Single by Mitsuki Aira

from the album ???
- Released: October 20, 2010 (Japan)
- Recorded: 2010
- Genre: J-pop, house
- Length: 4:02
- Label: D-Topia Universe
- Songwriter(s): Mitsuki Aira, Alex Funk It
- Producer(s): Onishi Terukado

Mitsuki Aira singles chronology
| "Aishi Aisarete Ikiru No Sa" (2010) | "Why Two?" (2010) |  |

Music video
- "Why Two?" teaser music video on YouTube

= Why Two? =

Single by Aira Mitsuki

"Why Two?" (stylized as WHY TWO?) is a song by Japanese electronica artist and lyricist Mitsuki Aira. It is one of the lead singles from her third studio album, ???. The single was released as a digital download online, most specifically iTunes, on October 20, 2010 in Japan, a week after the release of "Aishi Aisarete Ikiru no Sa".

==Background==
The single was released a week after the album's first single, "Aishi Aisarete Ikiru no Sa" (a Kenji Ozawa original), on October 20, 2010 on online retailer iTunes. A teaser PV for the single was released on November 3, 2010 via D-Topia's official YouTube account, along with the song's sample with the other tracks on the same day.

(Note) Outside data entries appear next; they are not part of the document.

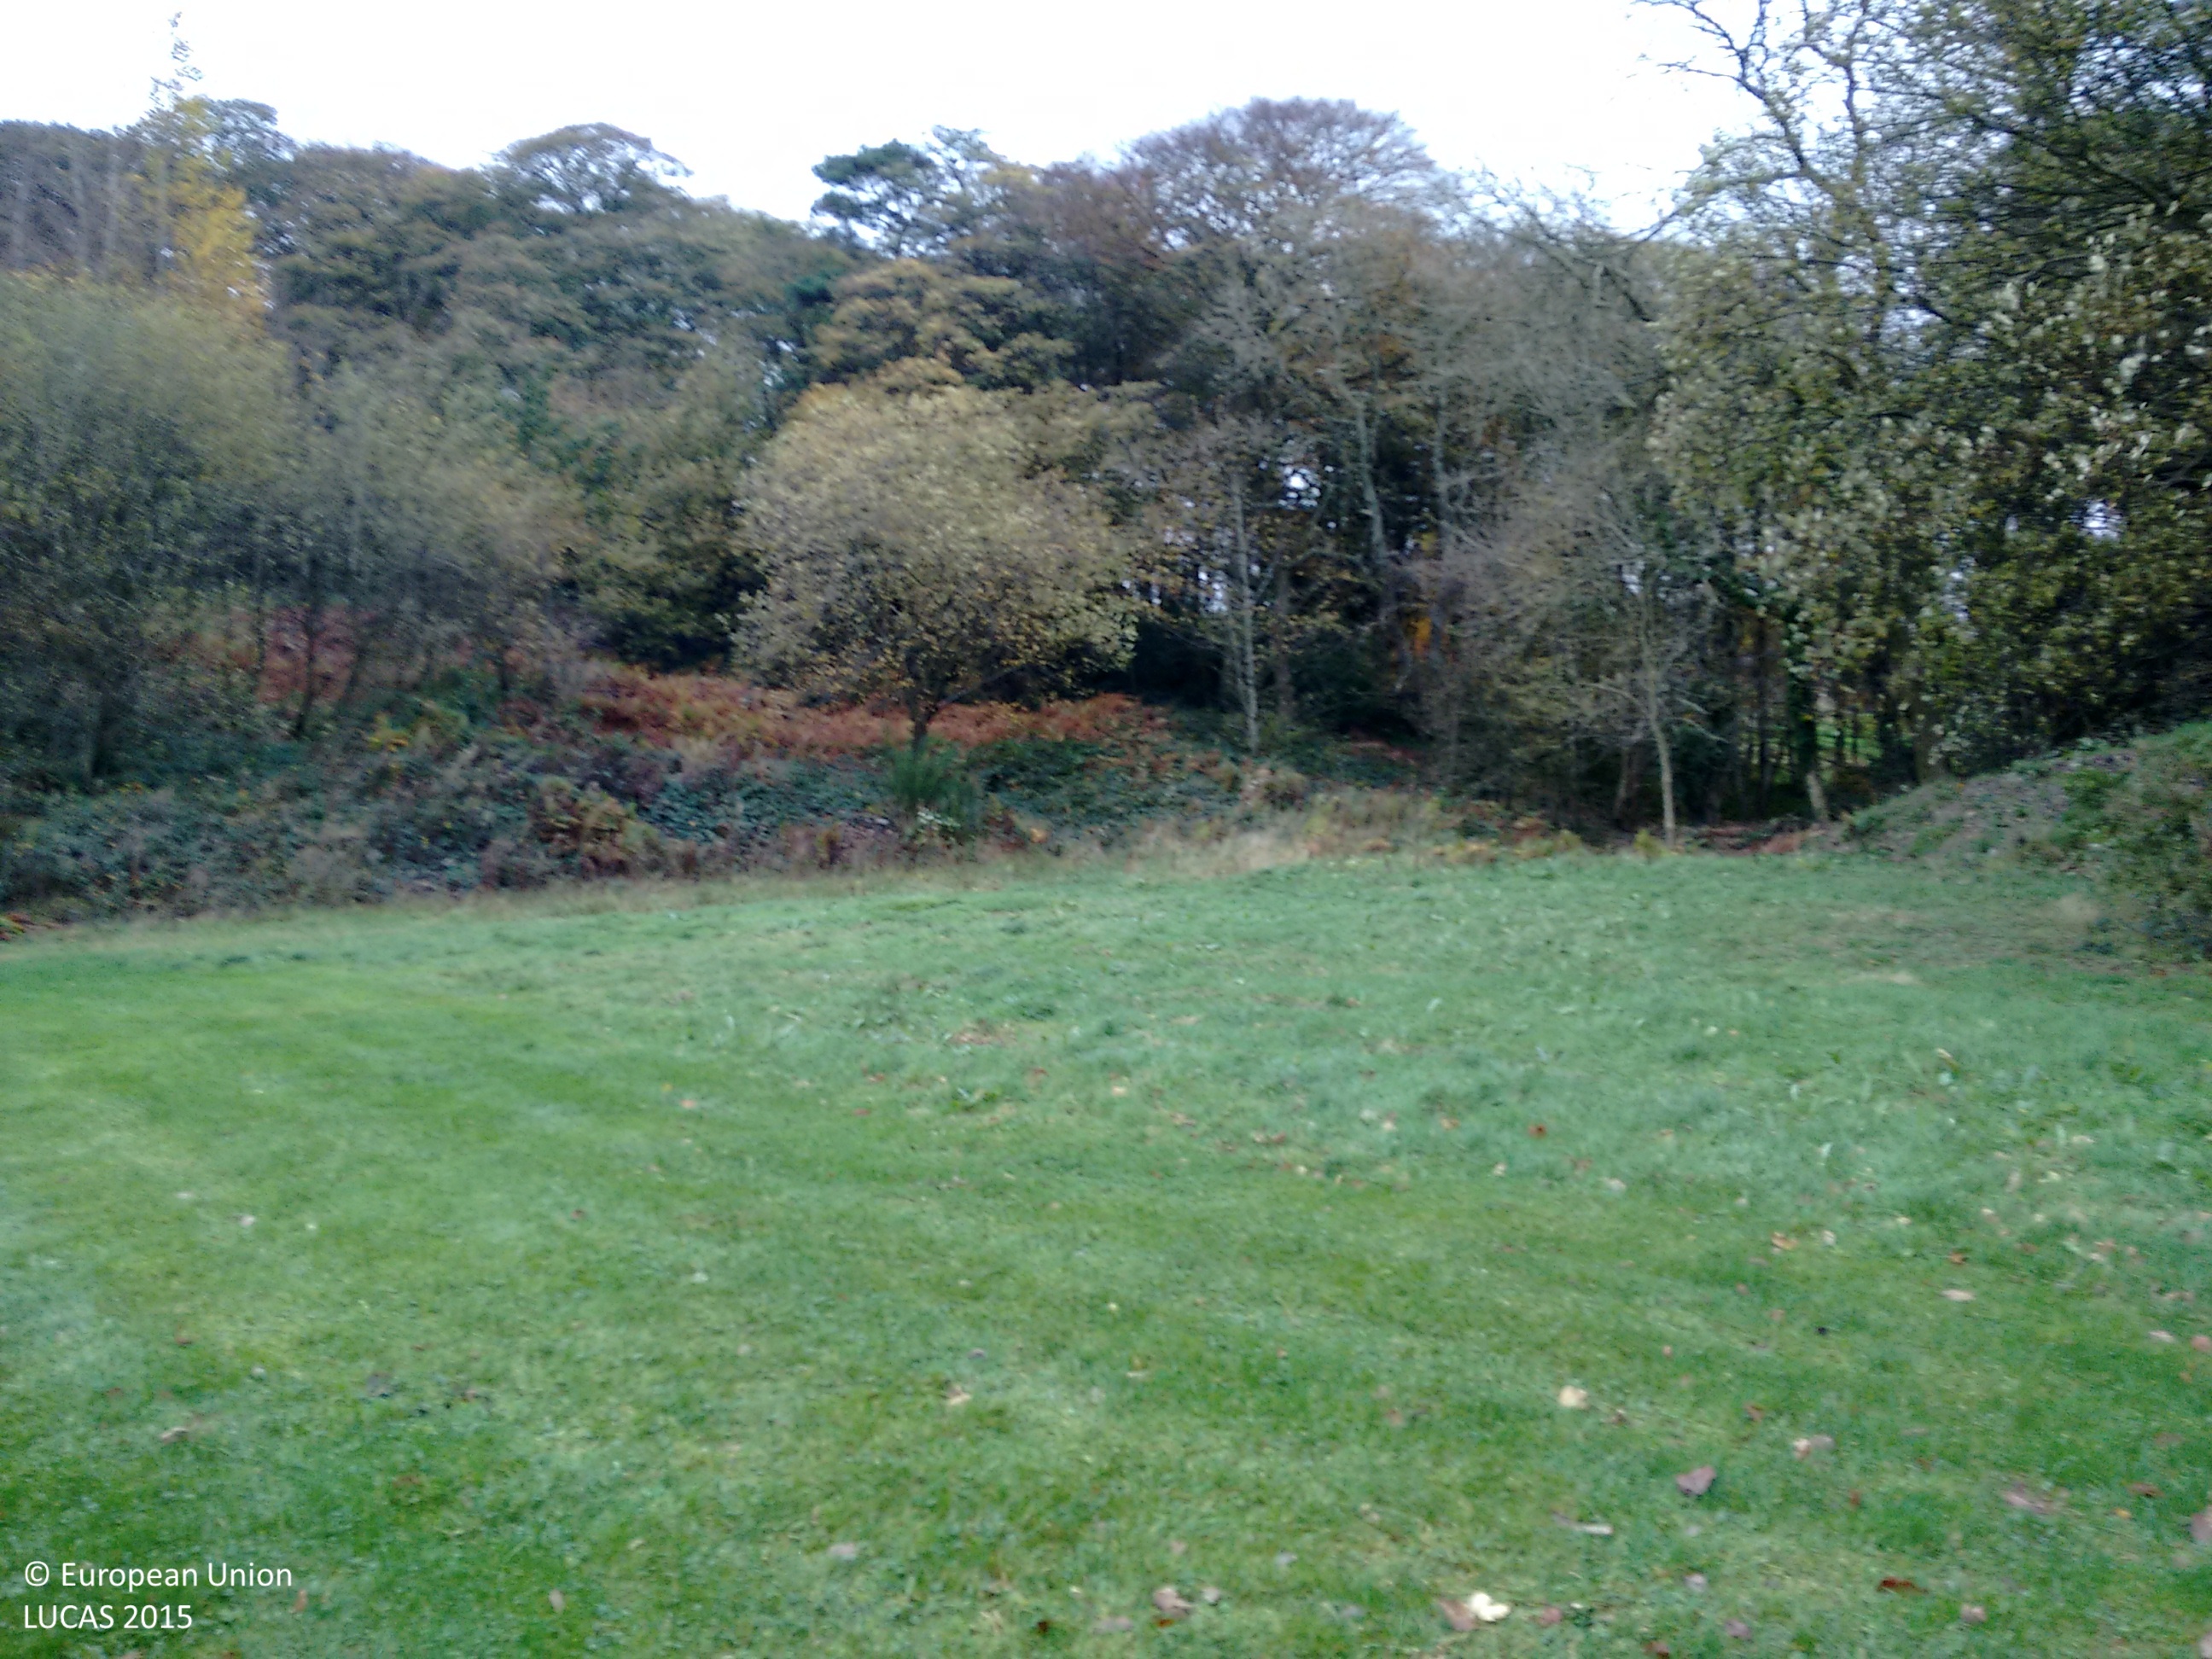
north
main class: Grassland
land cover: Grassland without tree/shrub cover
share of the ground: > 75 %
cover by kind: herbaceous plants 100 %
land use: Sport
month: November
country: GB
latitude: 54.2788
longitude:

The lyrics for the song was written by Mitsuki Aira herself while the composition was written by Alex Funk It. The lyrics are expressed using autotune, in which voice shifting devices became a standard in almost all of Aira's songs.

==Music video==
The music video for the song was shot in three places: Aira sitting beside a bathtub full of water, another was Aira on a light blue studio in multiple angle shots, and on the bedroom. The music video starts with Aira beside a bathtub attempting to call someone on her mobile phone and then switches to a scene with Aira singing on a light blue studio in multiple angles, also shifting to the scene of her and the bathtub in which she looked worried. On the second verse of the song, Aira is seen lying on a bed with a drawing pad and colored pencils. On the second chorus, she draws something on the drawing pad while singing and smiling (pictured). On the bridge, on the scene of Aira and the bathtub, snow began to fall. The scene changes again to Aira on the blue room shot in multiple angles while she is singing. at the end of the song, the scene shifts finally to Aira and the first setting while snow is falling.